• WHAT TO PRODUCE: Keeping pictures out, repeat the lines of the listing below exactly, starting at its first line and finishing with the one that holds "#21806=ORIENTED_EDGE('',*,*,#34738,.T.);".

• EXERCISE DATA:
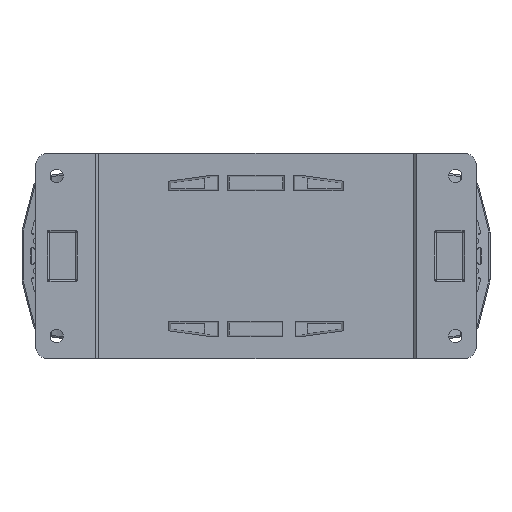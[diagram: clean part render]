
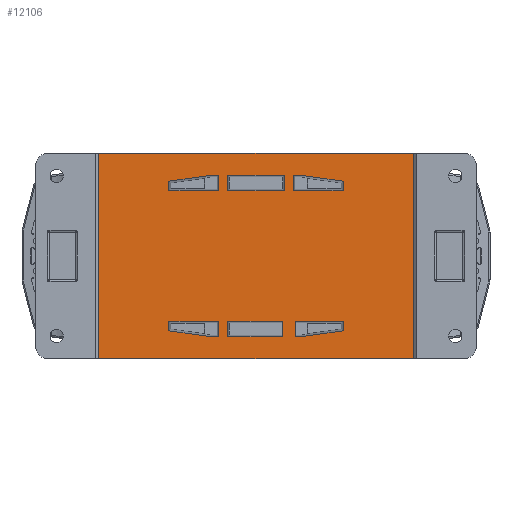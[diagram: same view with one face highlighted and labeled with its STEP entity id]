
A CAD part, front view. The second image highlights one B-rep face of the part: STEP entity #12106.
In plain terms, the highlighted planar face has unit normal (0, -1, 0).
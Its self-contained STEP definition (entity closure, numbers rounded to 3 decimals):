
#9458=FACE_BOUND('',#16921,.T.);
#9459=FACE_BOUND('',#16922,.T.);
#9460=FACE_BOUND('',#16923,.T.);
#9461=FACE_BOUND('',#16924,.T.);
#9462=FACE_BOUND('',#16925,.T.);
#9463=FACE_BOUND('',#16926,.T.);
#9464=FACE_BOUND('',#16927,.T.);
#12106=ADVANCED_FACE('',(#9458,#9459,#9460,#9461,#9462,#9463,#9464),#13784,
 .T.);
#13784=PLANE('',#45382);
#16921=EDGE_LOOP('',(#21781,#21782,#21783,#21784,#21785));
#16922=EDGE_LOOP('',(#21786,#21787,#21788,#21789));
#16923=EDGE_LOOP('',(#21790,#21791,#21792,#21793));
#16924=EDGE_LOOP('',(#21794,#21795,#21796,#21797,#21798));
#16925=EDGE_LOOP('',(#21799,#21800,#21801,#21802,#21803));
#16926=EDGE_LOOP('',(#21804,#21805,#21806,#21807,#21808));
#16927=EDGE_LOOP('',(#21809,#21810,#21811,#21812));
#21781=ORIENTED_EDGE('',*,*,#34751,.T.);
#21782=ORIENTED_EDGE('',*,*,#34749,.T.);
#21783=ORIENTED_EDGE('',*,*,#34717,.T.);
#21784=ORIENTED_EDGE('',*,*,#34712,.T.);
#21785=ORIENTED_EDGE('',*,*,#34753,.T.);
#21786=ORIENTED_EDGE('',*,*,#34646,.T.);
#21787=ORIENTED_EDGE('',*,*,#34652,.F.);
#21788=ORIENTED_EDGE('',*,*,#34653,.T.);
#21789=ORIENTED_EDGE('',*,*,#34657,.T.);
#21790=ORIENTED_EDGE('',*,*,#34665,.T.);
#21791=ORIENTED_EDGE('',*,*,#34664,.F.);
#21792=ORIENTED_EDGE('',*,*,#34661,.T.);
#21793=ORIENTED_EDGE('',*,*,#34669,.T.);
#21794=ORIENTED_EDGE('',*,*,#34684,.F.);
#21795=ORIENTED_EDGE('',*,*,#34696,.F.);
#21796=ORIENTED_EDGE('',*,*,#34692,.F.);
#21797=ORIENTED_EDGE('',*,*,#34680,.F.);
#21798=ORIENTED_EDGE('',*,*,#34683,.F.);
#21799=ORIENTED_EDGE('',*,*,#34673,.F.);
#21800=ORIENTED_EDGE('',*,*,#34676,.F.);
#21801=ORIENTED_EDGE('',*,*,#34705,.F.);
#21802=ORIENTED_EDGE('',*,*,#34702,.F.);
#21803=ORIENTED_EDGE('',*,*,#34711,.F.);
#21804=ORIENTED_EDGE('',*,*,#34725,.T.);
#21805=ORIENTED_EDGE('',*,*,#34726,.T.);
#21806=ORIENTED_EDGE('',*,*,#34738,.T.);
#21807=ORIENTED_EDGE('',*,*,#34734,.T.);
#21808=ORIENTED_EDGE('',*,*,#34721,.T.);
#21809=ORIENTED_EDGE('',*,*,#34637,.T.);
#21810=ORIENTED_EDGE('',*,*,#34640,.F.);
#21811=ORIENTED_EDGE('',*,*,#34644,.T.);
#21812=ORIENTED_EDGE('',*,*,#34754,.F.);
#30802=VERTEX_POINT('',#63157);
#30805=VERTEX_POINT('',#63164);
#30807=VERTEX_POINT('',#63170);
#30809=VERTEX_POINT('',#63177);
#30810=VERTEX_POINT('',#63182);
#30811=VERTEX_POINT('',#63183);
#30815=VERTEX_POINT('',#63193);
#30816=VERTEX_POINT('',#63197);
#30818=VERTEX_POINT('',#63207);
#30821=VERTEX_POINT('',#63212);
#30822=VERTEX_POINT('',#63216);
#30824=VERTEX_POINT('',#63222);
#30826=VERTEX_POINT('',#63232);
#30829=VERTEX_POINT('',#63237);
#30831=VERTEX_POINT('',#63243);
#30832=VERTEX_POINT('',#63247);
#30835=VERTEX_POINT('',#63252);
#30837=VERTEX_POINT('',#63258);
#30838=VERTEX_POINT('',#63262);
#30844=VERTEX_POINT('',#63278);
#30850=VERTEX_POINT('',#63298);
#30851=VERTEX_POINT('',#63299);
#30854=VERTEX_POINT('',#63318);
#30855=VERTEX_POINT('',#63319);
#30859=VERTEX_POINT('',#63329);
#30862=VERTEX_POINT('',#63336);
#30863=VERTEX_POINT('',#63338);
#30865=VERTEX_POINT('',#63344);
#30866=VERTEX_POINT('',#63348);
#30872=VERTEX_POINT('',#63364);
#30880=VERTEX_POINT('',#63394);
#30881=VERTEX_POINT('',#63398);
#34637=EDGE_CURVE('',#30802,#30805,#39343,.T.);
#34640=EDGE_CURVE('',#30807,#30805,#39346,.T.);
#34644=EDGE_CURVE('',#30807,#30809,#39350,.T.);
#34646=EDGE_CURVE('',#30810,#30811,#39352,.T.);
#34652=EDGE_CURVE('',#30815,#30811,#39358,.T.);
#34653=EDGE_CURVE('',#30815,#30816,#39359,.T.);
#34657=EDGE_CURVE('',#30816,#30810,#39363,.T.);
#34661=EDGE_CURVE('',#30818,#30821,#39367,.T.);
#34664=EDGE_CURVE('',#30818,#30822,#39370,.T.);
#34665=EDGE_CURVE('',#30824,#30822,#39371,.T.);
#34669=EDGE_CURVE('',#30821,#30824,#39375,.T.);
#34673=EDGE_CURVE('',#30829,#30826,#39379,.T.);
#34676=EDGE_CURVE('',#30831,#30829,#39382,.T.);
#34680=EDGE_CURVE('',#30835,#30832,#39386,.T.);
#34683=EDGE_CURVE('',#30837,#30835,#39389,.T.);
#34684=EDGE_CURVE('',#30838,#30837,#39390,.T.);
#34692=EDGE_CURVE('',#30832,#30844,#39398,.T.);
#34696=EDGE_CURVE('',#30844,#30838,#39402,.T.);
#34702=EDGE_CURVE('',#30850,#30851,#39408,.T.);
#34705=EDGE_CURVE('',#30851,#30831,#39411,.T.);
#34711=EDGE_CURVE('',#30826,#30850,#39417,.T.);
#34712=EDGE_CURVE('',#30854,#30855,#39418,.T.);
#34717=EDGE_CURVE('',#30859,#30854,#39423,.T.);
#34721=EDGE_CURVE('',#30863,#30862,#39427,.T.);
#34725=EDGE_CURVE('',#30862,#30865,#39431,.T.);
#34726=EDGE_CURVE('',#30865,#30866,#39432,.T.);
#34734=EDGE_CURVE('',#30872,#30863,#39440,.T.);
#34738=EDGE_CURVE('',#30866,#30872,#39444,.T.);
#34749=EDGE_CURVE('',#30880,#30859,#39455,.T.);
#34751=EDGE_CURVE('',#30881,#30880,#39457,.T.);
#34753=EDGE_CURVE('',#30855,#30881,#39459,.T.);
#34754=EDGE_CURVE('',#30802,#30809,#39460,.T.);
#39343=LINE('',#63165,#42345);
#39346=LINE('',#63171,#42348);
#39350=LINE('',#63178,#42352);
#39352=LINE('',#63181,#42354);
#39358=LINE('',#63194,#42360);
#39359=LINE('',#63196,#42361);
#39363=LINE('',#63204,#42365);
#39367=LINE('',#63213,#42369);
#39370=LINE('',#63219,#42372);
#39371=LINE('',#63221,#42373);
#39375=LINE('',#63229,#42377);
#39379=LINE('',#63238,#42381);
#39382=LINE('',#63244,#42384);
#39386=LINE('',#63253,#42388);
#39389=LINE('',#63259,#42391);
#39390=LINE('',#63261,#42392);
#39398=LINE('',#63277,#42400);
#39402=LINE('',#63284,#42404);
#39408=LINE('',#63297,#42410);
#39411=LINE('',#63303,#42413);
#39417=LINE('',#63315,#42419);
#39418=LINE('',#63317,#42420);
#39423=LINE('',#63328,#42425);
#39427=LINE('',#63337,#42429);
#39431=LINE('',#63345,#42433);
#39432=LINE('',#63347,#42434);
#39440=LINE('',#63363,#42442);
#39444=LINE('',#63370,#42446);
#39455=LINE('',#63393,#42457);
#39457=LINE('',#63397,#42459);
#39459=LINE('',#63401,#42461);
#39460=LINE('',#63403,#42462);
#42345=VECTOR('',#49412,1.);
#42348=VECTOR('',#49417,1.);
#42352=VECTOR('',#49423,1.);
#42354=VECTOR('',#49427,1.);
#42360=VECTOR('',#49435,1.);
#42361=VECTOR('',#49438,1.);
#42365=VECTOR('',#49446,1.);
#42369=VECTOR('',#49452,1.);
#42372=VECTOR('',#49457,1.);
#42373=VECTOR('',#49460,1.);
#42377=VECTOR('',#49468,1.);
#42381=VECTOR('',#49474,1.);
#42384=VECTOR('',#49479,1.);
#42388=VECTOR('',#49485,1.);
#42391=VECTOR('',#49490,1.);
#42392=VECTOR('',#49493,1.);
#42400=VECTOR('',#49505,1.);
#42404=VECTOR('',#49511,1.);
#42410=VECTOR('',#49523,1.);
#42413=VECTOR('',#49528,1.);
#42419=VECTOR('',#49542,1.);
#42420=VECTOR('',#49545,1.);
#42425=VECTOR('',#49552,1.);
#42429=VECTOR('',#49558,1.);
#42433=VECTOR('',#49564,1.);
#42434=VECTOR('',#49567,1.);
#42442=VECTOR('',#49579,1.);
#42446=VECTOR('',#49585,1.);
#42457=VECTOR('',#49608,1.);
#42459=VECTOR('',#49612,1.);
#42461=VECTOR('',#49616,1.);
#42462=VECTOR('',#49619,1.);
#45382=AXIS2_PLACEMENT_3D('',#63404,#49620,#49621);
#49412=DIRECTION('',(-1.,0.,0.));
#49417=DIRECTION('',(0.,0.,1.));
#49423=DIRECTION('',(1.,0.,0.));
#49427=DIRECTION('',(-1.,0.,0.));
#49435=DIRECTION('',(0.,0.,-1.));
#49438=DIRECTION('',(1.,0.,0.));
#49446=DIRECTION('',(0.,0.,-1.));
#49452=DIRECTION('',(0.,0.,-1.));
#49457=DIRECTION('',(-1.,0.,0.));
#49460=DIRECTION('',(0.,0.,1.));
#49468=DIRECTION('',(-1.,0.,0.));
#49474=DIRECTION('',(0.,0.,-1.));
#49479=DIRECTION('',(-1.,0.,0.));
#49485=DIRECTION('',(-1.,0.,0.));
#49490=DIRECTION('',(0.,0.,1.));
#49493=DIRECTION('',(1.,0.,0.));
#49505=DIRECTION('',(-0.99,0.,-0.139));
#49511=DIRECTION('',(0.,0.,-1.));
#49523=DIRECTION('',(0.,0.,1.));
#49528=DIRECTION('',(-0.99,0.,0.139));
#49542=DIRECTION('',(1.,0.,0.));
#49545=DIRECTION('',(0.,0.,1.));
#49552=DIRECTION('',(-1.,0.,0.));
#49558=DIRECTION('',(0.,0.,-1.));
#49564=DIRECTION('',(-1.,0.,0.));
#49567=DIRECTION('',(-0.99,0.,0.139));
#49579=DIRECTION('',(1.,0.,0.));
#49585=DIRECTION('',(0.,0.,1.));
#49608=DIRECTION('',(-0.99,0.,-0.139));
#49612=DIRECTION('',(0.,0.,-1.));
#49616=DIRECTION('',(1.,0.,0.));
#49619=DIRECTION('',(0.,0.,-1.));
#49620=DIRECTION('',(0.,-1.,0.));
#49621=DIRECTION('',(0.,0.,1.));
#63157=CARTESIAN_POINT('',(52.25,-62.2,34.));
#63164=CARTESIAN_POINT('',(-51.75,-62.2,34.));
#63165=CARTESIAN_POINT('',(52.25,-62.2,34.));
#63170=CARTESIAN_POINT('',(-51.75,-62.2,-34.));
#63171=CARTESIAN_POINT('',(-51.75,-62.2,-34.));
#63177=CARTESIAN_POINT('',(52.25,-62.2,-34.));
#63178=CARTESIAN_POINT('',(-51.75,-62.2,-34.));
#63181=CARTESIAN_POINT('',(8.972,-62.2,-26.734));
#63182=CARTESIAN_POINT('',(8.972,-62.2,-26.734));
#63183=CARTESIAN_POINT('',(-9.1,-62.2,-26.734));
#63193=CARTESIAN_POINT('',(-9.1,-62.2,-21.587));
#63194=CARTESIAN_POINT('',(-9.1,-62.2,-21.587));
#63196=CARTESIAN_POINT('',(-9.1,-62.2,-21.587));
#63197=CARTESIAN_POINT('',(8.972,-62.2,-21.587));
#63204=CARTESIAN_POINT('',(8.972,-62.2,-21.587));
#63207=CARTESIAN_POINT('',(9.6,-62.2,26.734));
#63212=CARTESIAN_POINT('',(9.6,-62.2,21.587));
#63213=CARTESIAN_POINT('',(9.6,-62.2,26.734));
#63216=CARTESIAN_POINT('',(-9.1,-62.2,26.734));
#63219=CARTESIAN_POINT('',(9.6,-62.2,26.734));
#63221=CARTESIAN_POINT('',(-9.1,-62.2,21.587));
#63222=CARTESIAN_POINT('',(-9.1,-62.2,21.587));
#63229=CARTESIAN_POINT('',(9.6,-62.2,21.587));
#63232=CARTESIAN_POINT('',(12.6,-62.2,21.587));
#63237=CARTESIAN_POINT('',(12.6,-62.2,26.734));
#63238=CARTESIAN_POINT('',(12.6,-62.2,26.734));
#63243=CARTESIAN_POINT('',(15.028,-62.2,26.734));
#63244=CARTESIAN_POINT('',(15.028,-62.2,26.734));
#63247=CARTESIAN_POINT('',(-14.528,-62.2,26.734));
#63252=CARTESIAN_POINT('',(-12.1,-62.2,26.734));
#63253=CARTESIAN_POINT('',(-12.1,-62.2,26.734));
#63258=CARTESIAN_POINT('',(-12.1,-62.2,21.587));
#63259=CARTESIAN_POINT('',(-12.1,-62.2,21.587));
#63261=CARTESIAN_POINT('',(-28.628,-62.2,21.587));
#63262=CARTESIAN_POINT('',(-28.628,-62.2,21.587));
#63277=CARTESIAN_POINT('',(-14.528,-62.2,26.734));
#63278=CARTESIAN_POINT('',(-28.628,-62.2,24.755));
#63284=CARTESIAN_POINT('',(-28.628,-62.2,24.755));
#63297=CARTESIAN_POINT('',(29.128,-62.2,21.587));
#63298=CARTESIAN_POINT('',(29.128,-62.2,21.587));
#63299=CARTESIAN_POINT('',(29.128,-62.2,24.755));
#63303=CARTESIAN_POINT('',(29.128,-62.2,24.755));
#63315=CARTESIAN_POINT('',(12.6,-62.2,21.587));
#63317=CARTESIAN_POINT('',(13.228,-62.2,-26.734));
#63318=CARTESIAN_POINT('',(13.228,-62.2,-26.734));
#63319=CARTESIAN_POINT('',(13.228,-62.2,-21.587));
#63328=CARTESIAN_POINT('',(15.028,-62.2,-26.734));
#63329=CARTESIAN_POINT('',(15.028,-62.2,-26.734));
#63336=CARTESIAN_POINT('',(-12.1,-62.2,-26.734));
#63337=CARTESIAN_POINT('',(-12.1,-62.2,-21.587));
#63338=CARTESIAN_POINT('',(-12.1,-62.2,-21.587));
#63344=CARTESIAN_POINT('',(-14.528,-62.2,-26.734));
#63345=CARTESIAN_POINT('',(-12.1,-62.2,-26.734));
#63347=CARTESIAN_POINT('',(-14.528,-62.2,-26.734));
#63348=CARTESIAN_POINT('',(-28.628,-62.2,-24.755));
#63363=CARTESIAN_POINT('',(-28.628,-62.2,-21.587));
#63364=CARTESIAN_POINT('',(-28.628,-62.2,-21.587));
#63370=CARTESIAN_POINT('',(-28.628,-62.2,-24.755));
#63393=CARTESIAN_POINT('',(29.128,-62.2,-24.755));
#63394=CARTESIAN_POINT('',(29.128,-62.2,-24.755));
#63397=CARTESIAN_POINT('',(29.128,-62.2,-21.587));
#63398=CARTESIAN_POINT('',(29.128,-62.2,-21.587));
#63401=CARTESIAN_POINT('',(13.228,-62.2,-21.587));
#63403=CARTESIAN_POINT('',(52.25,-62.2,34.));
#63404=CARTESIAN_POINT('',(-19.378,-62.2,30.805));

• WRITTEN ANSWER:
[diagram: clean part render]
[diagram: same view with one face highlighted and labeled with its STEP entity id]
A CAD part, front view. The second image highlights one B-rep face of the part: STEP entity #12106.
In plain terms, the highlighted planar face has unit normal (0, -1, 0).
Its self-contained STEP definition (entity closure, numbers rounded to 3 decimals):
#9458=FACE_BOUND('',#16921,.T.);
#9459=FACE_BOUND('',#16922,.T.);
#9460=FACE_BOUND('',#16923,.T.);
#9461=FACE_BOUND('',#16924,.T.);
#9462=FACE_BOUND('',#16925,.T.);
#9463=FACE_BOUND('',#16926,.T.);
#9464=FACE_BOUND('',#16927,.T.);
#12106=ADVANCED_FACE('',(#9458,#9459,#9460,#9461,#9462,#9463,#9464),#13784,
 .T.);
#13784=PLANE('',#45382);
#16921=EDGE_LOOP('',(#21781,#21782,#21783,#21784,#21785));
#16922=EDGE_LOOP('',(#21786,#21787,#21788,#21789));
#16923=EDGE_LOOP('',(#21790,#21791,#21792,#21793));
#16924=EDGE_LOOP('',(#21794,#21795,#21796,#21797,#21798));
#16925=EDGE_LOOP('',(#21799,#21800,#21801,#21802,#21803));
#16926=EDGE_LOOP('',(#21804,#21805,#21806,#21807,#21808));
#16927=EDGE_LOOP('',(#21809,#21810,#21811,#21812));
#21781=ORIENTED_EDGE('',*,*,#34751,.T.);
#21782=ORIENTED_EDGE('',*,*,#34749,.T.);
#21783=ORIENTED_EDGE('',*,*,#34717,.T.);
#21784=ORIENTED_EDGE('',*,*,#34712,.T.);
#21785=ORIENTED_EDGE('',*,*,#34753,.T.);
#21786=ORIENTED_EDGE('',*,*,#34646,.T.);
#21787=ORIENTED_EDGE('',*,*,#34652,.F.);
#21788=ORIENTED_EDGE('',*,*,#34653,.T.);
#21789=ORIENTED_EDGE('',*,*,#34657,.T.);
#21790=ORIENTED_EDGE('',*,*,#34665,.T.);
#21791=ORIENTED_EDGE('',*,*,#34664,.F.);
#21792=ORIENTED_EDGE('',*,*,#34661,.T.);
#21793=ORIENTED_EDGE('',*,*,#34669,.T.);
#21794=ORIENTED_EDGE('',*,*,#34684,.F.);
#21795=ORIENTED_EDGE('',*,*,#34696,.F.);
#21796=ORIENTED_EDGE('',*,*,#34692,.F.);
#21797=ORIENTED_EDGE('',*,*,#34680,.F.);
#21798=ORIENTED_EDGE('',*,*,#34683,.F.);
#21799=ORIENTED_EDGE('',*,*,#34673,.F.);
#21800=ORIENTED_EDGE('',*,*,#34676,.F.);
#21801=ORIENTED_EDGE('',*,*,#34705,.F.);
#21802=ORIENTED_EDGE('',*,*,#34702,.F.);
#21803=ORIENTED_EDGE('',*,*,#34711,.F.);
#21804=ORIENTED_EDGE('',*,*,#34725,.T.);
#21805=ORIENTED_EDGE('',*,*,#34726,.T.);
#21806=ORIENTED_EDGE('',*,*,#34738,.T.);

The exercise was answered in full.